Sooo, I have to vent a high efficiency gas water heater, using the concentric termination fitting, vertically through an open plenum ceiling. The debate over using PVC as an exhaust pipe aside, is there an alternative to just fire wrapping the pipes?


----------



## dhal22 (Jul 30, 2010)

That's a good question. And I don't have an answer but you got me thinking.


----------



## skoronesa (Oct 27, 2015)

Air space maybe? Like run the pvc centered through large diameter round duct?

What's your concern with fire wrapping them?


----------



## wyrickmech (Mar 16, 2013)

Fire wrap would be the most effective even if the fire wrap codes have gotten a lot more stringent. If you could keep the intake and exhaust separate you could sleeve the pipe to keep it from being in the plenum.


----------



## mccmech (Jul 6, 2011)

skoronesa said:


> Air space maybe?

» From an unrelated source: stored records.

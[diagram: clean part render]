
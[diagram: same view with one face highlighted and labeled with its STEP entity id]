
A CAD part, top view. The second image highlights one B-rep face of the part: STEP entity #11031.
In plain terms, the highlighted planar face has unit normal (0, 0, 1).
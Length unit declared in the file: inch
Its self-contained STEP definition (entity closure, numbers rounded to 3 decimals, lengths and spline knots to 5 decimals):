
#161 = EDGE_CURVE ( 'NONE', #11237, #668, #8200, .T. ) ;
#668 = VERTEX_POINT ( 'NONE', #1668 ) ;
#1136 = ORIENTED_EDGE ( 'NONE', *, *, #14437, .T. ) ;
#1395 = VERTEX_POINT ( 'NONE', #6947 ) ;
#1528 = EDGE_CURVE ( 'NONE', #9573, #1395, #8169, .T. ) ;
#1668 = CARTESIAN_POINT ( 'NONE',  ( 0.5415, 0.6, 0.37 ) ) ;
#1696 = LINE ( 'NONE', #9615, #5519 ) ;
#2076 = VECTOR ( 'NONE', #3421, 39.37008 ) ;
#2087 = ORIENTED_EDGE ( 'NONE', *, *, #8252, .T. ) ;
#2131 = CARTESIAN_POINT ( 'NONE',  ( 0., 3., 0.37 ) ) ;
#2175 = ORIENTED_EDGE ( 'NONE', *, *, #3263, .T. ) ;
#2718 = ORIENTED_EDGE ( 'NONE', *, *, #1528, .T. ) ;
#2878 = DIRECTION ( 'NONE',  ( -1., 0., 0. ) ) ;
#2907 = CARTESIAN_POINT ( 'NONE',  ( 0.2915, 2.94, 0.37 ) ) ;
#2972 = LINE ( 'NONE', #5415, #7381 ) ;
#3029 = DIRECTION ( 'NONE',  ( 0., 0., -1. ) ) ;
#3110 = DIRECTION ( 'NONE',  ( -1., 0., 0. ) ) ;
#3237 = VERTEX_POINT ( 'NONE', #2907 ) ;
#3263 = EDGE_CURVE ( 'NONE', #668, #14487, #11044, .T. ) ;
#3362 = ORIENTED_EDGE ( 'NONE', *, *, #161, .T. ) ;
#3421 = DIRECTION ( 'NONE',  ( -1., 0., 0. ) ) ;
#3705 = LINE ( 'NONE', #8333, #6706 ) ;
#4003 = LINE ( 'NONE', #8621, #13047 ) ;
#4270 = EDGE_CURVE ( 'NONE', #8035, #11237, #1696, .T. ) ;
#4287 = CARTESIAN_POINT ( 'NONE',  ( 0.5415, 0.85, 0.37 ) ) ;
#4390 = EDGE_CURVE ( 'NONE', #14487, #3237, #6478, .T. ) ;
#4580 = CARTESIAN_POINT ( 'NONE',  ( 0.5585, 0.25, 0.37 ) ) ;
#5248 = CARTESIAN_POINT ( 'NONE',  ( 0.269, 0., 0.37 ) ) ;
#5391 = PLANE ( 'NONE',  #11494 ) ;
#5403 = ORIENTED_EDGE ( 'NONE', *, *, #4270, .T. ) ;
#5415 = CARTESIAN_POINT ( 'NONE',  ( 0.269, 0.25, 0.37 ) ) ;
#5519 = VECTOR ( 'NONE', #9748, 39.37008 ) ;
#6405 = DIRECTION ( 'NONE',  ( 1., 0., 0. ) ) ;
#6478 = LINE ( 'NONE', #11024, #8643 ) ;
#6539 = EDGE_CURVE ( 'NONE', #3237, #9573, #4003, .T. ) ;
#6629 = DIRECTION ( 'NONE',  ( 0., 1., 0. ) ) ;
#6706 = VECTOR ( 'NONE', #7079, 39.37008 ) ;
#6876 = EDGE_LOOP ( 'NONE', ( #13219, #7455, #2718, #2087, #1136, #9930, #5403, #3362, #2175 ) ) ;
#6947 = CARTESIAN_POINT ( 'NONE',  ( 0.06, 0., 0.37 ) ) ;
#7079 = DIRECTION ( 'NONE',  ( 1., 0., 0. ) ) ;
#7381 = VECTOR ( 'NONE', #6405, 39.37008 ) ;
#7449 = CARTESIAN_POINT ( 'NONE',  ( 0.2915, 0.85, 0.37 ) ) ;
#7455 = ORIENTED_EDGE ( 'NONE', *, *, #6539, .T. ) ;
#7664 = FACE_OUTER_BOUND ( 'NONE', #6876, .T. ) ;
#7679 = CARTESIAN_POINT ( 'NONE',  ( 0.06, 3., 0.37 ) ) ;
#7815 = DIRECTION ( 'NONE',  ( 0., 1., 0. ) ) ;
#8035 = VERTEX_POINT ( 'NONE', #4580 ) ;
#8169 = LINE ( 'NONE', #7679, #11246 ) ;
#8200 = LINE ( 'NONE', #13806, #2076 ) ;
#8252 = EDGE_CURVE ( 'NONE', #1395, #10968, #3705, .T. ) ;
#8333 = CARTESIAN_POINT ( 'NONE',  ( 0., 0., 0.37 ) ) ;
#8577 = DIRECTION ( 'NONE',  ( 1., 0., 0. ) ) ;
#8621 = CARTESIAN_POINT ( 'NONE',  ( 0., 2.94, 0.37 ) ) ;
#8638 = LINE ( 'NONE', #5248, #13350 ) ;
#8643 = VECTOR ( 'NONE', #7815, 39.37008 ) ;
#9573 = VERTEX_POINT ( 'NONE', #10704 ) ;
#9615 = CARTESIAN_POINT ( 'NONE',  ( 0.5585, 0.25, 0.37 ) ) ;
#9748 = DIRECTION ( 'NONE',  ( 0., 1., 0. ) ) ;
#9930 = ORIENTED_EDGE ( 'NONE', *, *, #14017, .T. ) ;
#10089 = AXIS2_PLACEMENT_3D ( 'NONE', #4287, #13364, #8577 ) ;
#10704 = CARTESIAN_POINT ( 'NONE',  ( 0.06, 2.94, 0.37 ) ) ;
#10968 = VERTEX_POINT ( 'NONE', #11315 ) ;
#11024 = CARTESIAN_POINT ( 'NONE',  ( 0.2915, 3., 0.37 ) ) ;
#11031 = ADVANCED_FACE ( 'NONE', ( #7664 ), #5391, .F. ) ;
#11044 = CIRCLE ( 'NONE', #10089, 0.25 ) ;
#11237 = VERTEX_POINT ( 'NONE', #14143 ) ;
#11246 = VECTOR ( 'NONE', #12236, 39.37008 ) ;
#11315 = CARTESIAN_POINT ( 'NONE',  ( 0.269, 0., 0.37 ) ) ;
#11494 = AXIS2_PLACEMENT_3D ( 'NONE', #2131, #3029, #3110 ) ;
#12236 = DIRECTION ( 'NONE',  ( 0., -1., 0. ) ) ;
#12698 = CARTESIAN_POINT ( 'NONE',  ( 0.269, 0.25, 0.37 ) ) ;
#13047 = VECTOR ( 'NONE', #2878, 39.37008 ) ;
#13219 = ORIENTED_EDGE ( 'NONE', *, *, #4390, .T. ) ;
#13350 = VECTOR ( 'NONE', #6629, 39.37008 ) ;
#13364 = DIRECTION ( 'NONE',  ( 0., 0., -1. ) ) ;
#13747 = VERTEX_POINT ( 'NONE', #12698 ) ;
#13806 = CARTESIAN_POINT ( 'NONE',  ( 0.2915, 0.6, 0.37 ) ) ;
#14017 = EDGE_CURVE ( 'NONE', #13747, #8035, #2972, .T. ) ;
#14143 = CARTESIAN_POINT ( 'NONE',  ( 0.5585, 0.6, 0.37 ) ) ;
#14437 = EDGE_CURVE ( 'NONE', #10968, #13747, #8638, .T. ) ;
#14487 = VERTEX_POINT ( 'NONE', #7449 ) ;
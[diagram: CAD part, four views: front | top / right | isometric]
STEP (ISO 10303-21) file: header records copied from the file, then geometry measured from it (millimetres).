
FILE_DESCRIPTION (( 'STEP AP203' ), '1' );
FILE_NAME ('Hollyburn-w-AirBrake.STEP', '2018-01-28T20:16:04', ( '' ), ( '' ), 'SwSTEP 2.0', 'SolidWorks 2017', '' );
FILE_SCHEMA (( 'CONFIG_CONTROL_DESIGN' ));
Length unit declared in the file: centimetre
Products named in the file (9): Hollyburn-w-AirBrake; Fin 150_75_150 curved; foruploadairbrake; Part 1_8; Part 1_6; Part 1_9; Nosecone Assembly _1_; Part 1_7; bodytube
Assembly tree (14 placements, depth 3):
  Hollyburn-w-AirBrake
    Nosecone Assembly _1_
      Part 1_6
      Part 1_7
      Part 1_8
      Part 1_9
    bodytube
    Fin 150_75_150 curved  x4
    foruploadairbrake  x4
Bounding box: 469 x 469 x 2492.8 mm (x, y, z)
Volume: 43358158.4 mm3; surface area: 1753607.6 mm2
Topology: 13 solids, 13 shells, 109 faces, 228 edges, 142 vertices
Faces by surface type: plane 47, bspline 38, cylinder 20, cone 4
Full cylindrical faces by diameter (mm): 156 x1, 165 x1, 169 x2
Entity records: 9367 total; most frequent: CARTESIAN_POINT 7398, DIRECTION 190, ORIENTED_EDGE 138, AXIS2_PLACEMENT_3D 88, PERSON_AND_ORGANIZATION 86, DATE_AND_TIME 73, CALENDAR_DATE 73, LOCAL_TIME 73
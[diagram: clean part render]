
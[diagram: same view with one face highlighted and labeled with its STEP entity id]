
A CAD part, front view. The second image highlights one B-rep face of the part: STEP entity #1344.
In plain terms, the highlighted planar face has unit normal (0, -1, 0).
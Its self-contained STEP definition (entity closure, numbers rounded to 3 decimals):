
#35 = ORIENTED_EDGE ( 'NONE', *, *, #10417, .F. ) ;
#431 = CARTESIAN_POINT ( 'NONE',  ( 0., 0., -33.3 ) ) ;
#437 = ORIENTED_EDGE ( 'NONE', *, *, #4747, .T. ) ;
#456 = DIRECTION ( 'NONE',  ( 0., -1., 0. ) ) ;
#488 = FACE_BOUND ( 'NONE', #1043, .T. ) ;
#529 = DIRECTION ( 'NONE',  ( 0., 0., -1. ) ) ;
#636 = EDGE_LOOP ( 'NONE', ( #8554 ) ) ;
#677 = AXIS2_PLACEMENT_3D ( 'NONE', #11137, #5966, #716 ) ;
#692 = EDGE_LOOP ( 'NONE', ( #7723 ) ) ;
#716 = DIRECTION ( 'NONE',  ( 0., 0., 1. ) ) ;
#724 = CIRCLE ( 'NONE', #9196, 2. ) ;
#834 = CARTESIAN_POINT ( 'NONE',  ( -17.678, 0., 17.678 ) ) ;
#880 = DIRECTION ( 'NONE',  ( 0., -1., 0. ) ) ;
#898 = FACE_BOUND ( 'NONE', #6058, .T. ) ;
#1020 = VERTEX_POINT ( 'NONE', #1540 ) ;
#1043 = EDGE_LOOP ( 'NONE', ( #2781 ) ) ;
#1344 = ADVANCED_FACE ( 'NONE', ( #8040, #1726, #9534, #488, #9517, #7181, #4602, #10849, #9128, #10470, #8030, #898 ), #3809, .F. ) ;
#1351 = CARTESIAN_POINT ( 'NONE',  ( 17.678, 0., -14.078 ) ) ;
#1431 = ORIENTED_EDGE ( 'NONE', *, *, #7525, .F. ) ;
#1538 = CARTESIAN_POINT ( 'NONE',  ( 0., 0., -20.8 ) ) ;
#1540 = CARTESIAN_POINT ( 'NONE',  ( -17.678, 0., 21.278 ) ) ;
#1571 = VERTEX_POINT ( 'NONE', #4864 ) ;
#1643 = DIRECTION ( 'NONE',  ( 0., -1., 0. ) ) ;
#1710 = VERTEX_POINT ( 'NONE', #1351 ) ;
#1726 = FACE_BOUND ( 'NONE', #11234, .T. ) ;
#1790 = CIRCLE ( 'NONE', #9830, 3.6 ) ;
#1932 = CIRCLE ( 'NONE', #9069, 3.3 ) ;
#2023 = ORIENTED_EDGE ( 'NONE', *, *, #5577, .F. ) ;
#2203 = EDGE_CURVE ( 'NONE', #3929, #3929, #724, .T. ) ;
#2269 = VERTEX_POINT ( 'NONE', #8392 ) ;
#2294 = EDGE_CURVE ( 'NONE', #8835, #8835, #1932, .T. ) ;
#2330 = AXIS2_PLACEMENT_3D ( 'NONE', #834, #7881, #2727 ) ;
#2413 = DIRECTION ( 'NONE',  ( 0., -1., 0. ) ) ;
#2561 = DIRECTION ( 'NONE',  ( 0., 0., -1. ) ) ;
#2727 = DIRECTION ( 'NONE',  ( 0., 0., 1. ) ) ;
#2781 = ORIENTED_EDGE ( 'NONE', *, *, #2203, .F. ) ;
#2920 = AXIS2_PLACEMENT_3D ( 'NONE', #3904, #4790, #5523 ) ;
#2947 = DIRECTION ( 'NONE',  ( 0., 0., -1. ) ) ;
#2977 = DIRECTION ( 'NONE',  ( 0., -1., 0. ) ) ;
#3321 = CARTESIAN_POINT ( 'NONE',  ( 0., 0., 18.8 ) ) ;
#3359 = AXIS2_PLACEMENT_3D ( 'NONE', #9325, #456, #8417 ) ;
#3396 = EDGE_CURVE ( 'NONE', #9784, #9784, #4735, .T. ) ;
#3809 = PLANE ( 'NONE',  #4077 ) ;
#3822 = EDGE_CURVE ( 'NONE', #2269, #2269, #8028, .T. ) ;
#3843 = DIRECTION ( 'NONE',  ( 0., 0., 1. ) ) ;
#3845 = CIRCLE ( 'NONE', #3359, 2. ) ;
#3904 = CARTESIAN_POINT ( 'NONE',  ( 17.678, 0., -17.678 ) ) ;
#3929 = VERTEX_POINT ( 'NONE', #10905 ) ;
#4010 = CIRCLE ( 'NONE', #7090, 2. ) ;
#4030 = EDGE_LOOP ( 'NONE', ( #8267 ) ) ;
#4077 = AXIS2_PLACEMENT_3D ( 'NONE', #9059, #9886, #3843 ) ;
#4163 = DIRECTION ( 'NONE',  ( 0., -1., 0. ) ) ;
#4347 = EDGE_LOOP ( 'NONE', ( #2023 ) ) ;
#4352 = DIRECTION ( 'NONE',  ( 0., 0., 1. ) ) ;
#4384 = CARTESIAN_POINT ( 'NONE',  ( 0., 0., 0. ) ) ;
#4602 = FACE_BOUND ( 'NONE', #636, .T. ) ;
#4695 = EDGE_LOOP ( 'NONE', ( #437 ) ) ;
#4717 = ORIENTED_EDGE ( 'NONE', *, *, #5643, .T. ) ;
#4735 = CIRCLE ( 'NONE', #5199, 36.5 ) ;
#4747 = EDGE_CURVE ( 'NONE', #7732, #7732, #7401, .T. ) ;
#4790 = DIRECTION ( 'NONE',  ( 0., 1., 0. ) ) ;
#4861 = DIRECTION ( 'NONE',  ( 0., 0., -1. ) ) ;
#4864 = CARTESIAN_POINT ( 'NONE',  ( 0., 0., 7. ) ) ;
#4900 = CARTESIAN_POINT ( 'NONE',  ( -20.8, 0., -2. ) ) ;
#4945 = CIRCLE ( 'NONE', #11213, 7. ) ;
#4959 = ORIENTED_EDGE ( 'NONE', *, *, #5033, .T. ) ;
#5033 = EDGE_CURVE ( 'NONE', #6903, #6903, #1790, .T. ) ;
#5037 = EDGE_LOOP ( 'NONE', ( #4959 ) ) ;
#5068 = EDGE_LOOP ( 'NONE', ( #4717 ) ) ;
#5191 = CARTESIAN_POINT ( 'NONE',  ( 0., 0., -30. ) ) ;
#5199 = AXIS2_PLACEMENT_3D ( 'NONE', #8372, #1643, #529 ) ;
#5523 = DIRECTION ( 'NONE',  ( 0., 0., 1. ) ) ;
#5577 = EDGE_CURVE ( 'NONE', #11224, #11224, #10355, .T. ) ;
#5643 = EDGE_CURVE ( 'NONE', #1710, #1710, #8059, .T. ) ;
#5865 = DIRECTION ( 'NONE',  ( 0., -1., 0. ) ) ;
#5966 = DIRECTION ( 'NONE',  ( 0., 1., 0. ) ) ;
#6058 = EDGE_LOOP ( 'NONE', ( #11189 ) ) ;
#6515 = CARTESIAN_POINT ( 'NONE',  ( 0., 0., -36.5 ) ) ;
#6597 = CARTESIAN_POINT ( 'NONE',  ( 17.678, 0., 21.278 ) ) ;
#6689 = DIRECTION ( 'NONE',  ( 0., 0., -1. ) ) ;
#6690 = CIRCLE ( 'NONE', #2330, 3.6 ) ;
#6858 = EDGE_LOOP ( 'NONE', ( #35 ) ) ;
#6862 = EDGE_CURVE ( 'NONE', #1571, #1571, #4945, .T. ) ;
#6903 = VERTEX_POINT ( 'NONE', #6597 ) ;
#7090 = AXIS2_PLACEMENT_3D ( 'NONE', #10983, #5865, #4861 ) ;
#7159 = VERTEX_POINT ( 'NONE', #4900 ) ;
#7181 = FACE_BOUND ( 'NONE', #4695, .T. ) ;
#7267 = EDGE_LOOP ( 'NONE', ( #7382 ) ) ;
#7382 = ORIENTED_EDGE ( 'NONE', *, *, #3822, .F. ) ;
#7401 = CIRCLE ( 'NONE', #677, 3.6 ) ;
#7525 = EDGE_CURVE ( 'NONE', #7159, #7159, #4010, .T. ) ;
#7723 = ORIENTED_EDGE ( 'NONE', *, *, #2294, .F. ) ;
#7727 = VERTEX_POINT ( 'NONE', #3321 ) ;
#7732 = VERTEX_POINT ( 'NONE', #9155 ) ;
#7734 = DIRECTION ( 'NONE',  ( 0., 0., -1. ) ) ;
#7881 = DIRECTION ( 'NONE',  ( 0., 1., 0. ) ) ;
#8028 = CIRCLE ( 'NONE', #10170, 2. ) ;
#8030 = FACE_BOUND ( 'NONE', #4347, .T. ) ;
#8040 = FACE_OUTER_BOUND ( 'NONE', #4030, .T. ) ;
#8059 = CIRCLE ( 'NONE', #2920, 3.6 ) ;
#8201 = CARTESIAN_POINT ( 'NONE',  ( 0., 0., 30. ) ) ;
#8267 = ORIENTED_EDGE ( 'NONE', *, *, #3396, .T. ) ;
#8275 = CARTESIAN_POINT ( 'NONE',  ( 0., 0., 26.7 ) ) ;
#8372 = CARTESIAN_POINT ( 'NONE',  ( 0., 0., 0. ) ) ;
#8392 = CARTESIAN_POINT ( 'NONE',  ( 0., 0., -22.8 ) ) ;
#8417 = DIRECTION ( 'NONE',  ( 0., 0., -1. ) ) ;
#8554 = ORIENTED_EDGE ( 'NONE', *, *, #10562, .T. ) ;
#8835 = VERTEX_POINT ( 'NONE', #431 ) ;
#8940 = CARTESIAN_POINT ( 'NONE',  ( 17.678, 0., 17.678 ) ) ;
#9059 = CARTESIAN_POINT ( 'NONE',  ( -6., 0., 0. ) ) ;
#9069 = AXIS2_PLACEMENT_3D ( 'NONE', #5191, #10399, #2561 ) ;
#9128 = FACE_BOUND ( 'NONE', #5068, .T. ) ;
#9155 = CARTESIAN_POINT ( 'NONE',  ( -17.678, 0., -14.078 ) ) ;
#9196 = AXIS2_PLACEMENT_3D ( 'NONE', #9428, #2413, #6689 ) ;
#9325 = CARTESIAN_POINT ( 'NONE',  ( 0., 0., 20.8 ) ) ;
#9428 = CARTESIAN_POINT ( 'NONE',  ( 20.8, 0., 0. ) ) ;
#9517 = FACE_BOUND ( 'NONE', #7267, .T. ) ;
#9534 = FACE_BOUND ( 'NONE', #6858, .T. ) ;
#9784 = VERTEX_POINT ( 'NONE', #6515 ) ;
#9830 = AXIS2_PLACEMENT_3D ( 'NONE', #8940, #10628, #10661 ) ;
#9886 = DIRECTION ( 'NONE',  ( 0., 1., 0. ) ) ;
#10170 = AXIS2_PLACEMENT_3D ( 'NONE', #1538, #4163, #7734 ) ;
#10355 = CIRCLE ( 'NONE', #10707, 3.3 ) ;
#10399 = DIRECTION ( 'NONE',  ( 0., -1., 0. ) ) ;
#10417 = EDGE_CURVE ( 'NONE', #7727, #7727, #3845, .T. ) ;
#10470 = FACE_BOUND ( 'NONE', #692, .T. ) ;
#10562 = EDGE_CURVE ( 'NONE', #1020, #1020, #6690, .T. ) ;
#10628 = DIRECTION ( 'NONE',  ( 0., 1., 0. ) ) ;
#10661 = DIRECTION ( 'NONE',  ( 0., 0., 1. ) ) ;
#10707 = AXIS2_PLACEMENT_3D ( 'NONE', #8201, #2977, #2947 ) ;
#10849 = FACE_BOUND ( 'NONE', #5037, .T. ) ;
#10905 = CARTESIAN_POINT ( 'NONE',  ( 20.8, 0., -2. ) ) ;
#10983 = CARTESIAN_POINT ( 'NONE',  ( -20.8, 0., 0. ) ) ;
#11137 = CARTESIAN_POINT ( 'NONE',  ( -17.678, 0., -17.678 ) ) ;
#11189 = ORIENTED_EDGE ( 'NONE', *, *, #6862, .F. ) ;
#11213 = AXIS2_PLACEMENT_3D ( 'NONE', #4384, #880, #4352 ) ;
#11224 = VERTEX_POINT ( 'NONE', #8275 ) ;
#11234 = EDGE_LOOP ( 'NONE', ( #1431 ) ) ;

Like run the pvc centered through large diameter round duct?
> 
> What's your concern with fire wrapping them?


No concern, just asking in case anyone with more experience dealing with the situation had other, or better idea.


----------



## dhal22 (Jul 30, 2010)

Sleeving was the only other idea I could come up with beyond wrapping.


----------



## moonapprentice (Aug 23, 2012)

I like the sleeving idea, makes sense to me. Plumb drum what's your take?


----------



## ace4548 (Feb 10, 2015)

I'm not sure on your codes or anything. But I have done a couple jobs now with plenum ceilings. I'm on one right now. Because of fire ratings we have to make all connections below the ceiling in cast, and has to be cast all the way up then. You will have to check building codes. We ran PVC in the basement for storm , but risers through floor and up are all cast. All vents even in basement are cast as well. Not sure on that logic.


----------



## plumbdrum (Nov 30, 2013)

moonapprentice said:


> I like the sleeving idea, makes sense to me. Plumb drum what's your take?


 my take is read whatever code you fall under and conform to it, find another route, or speak to whatever inspector that would fall under and come up with a solution. What might be approved in one code/trade may not be approved in another.


----------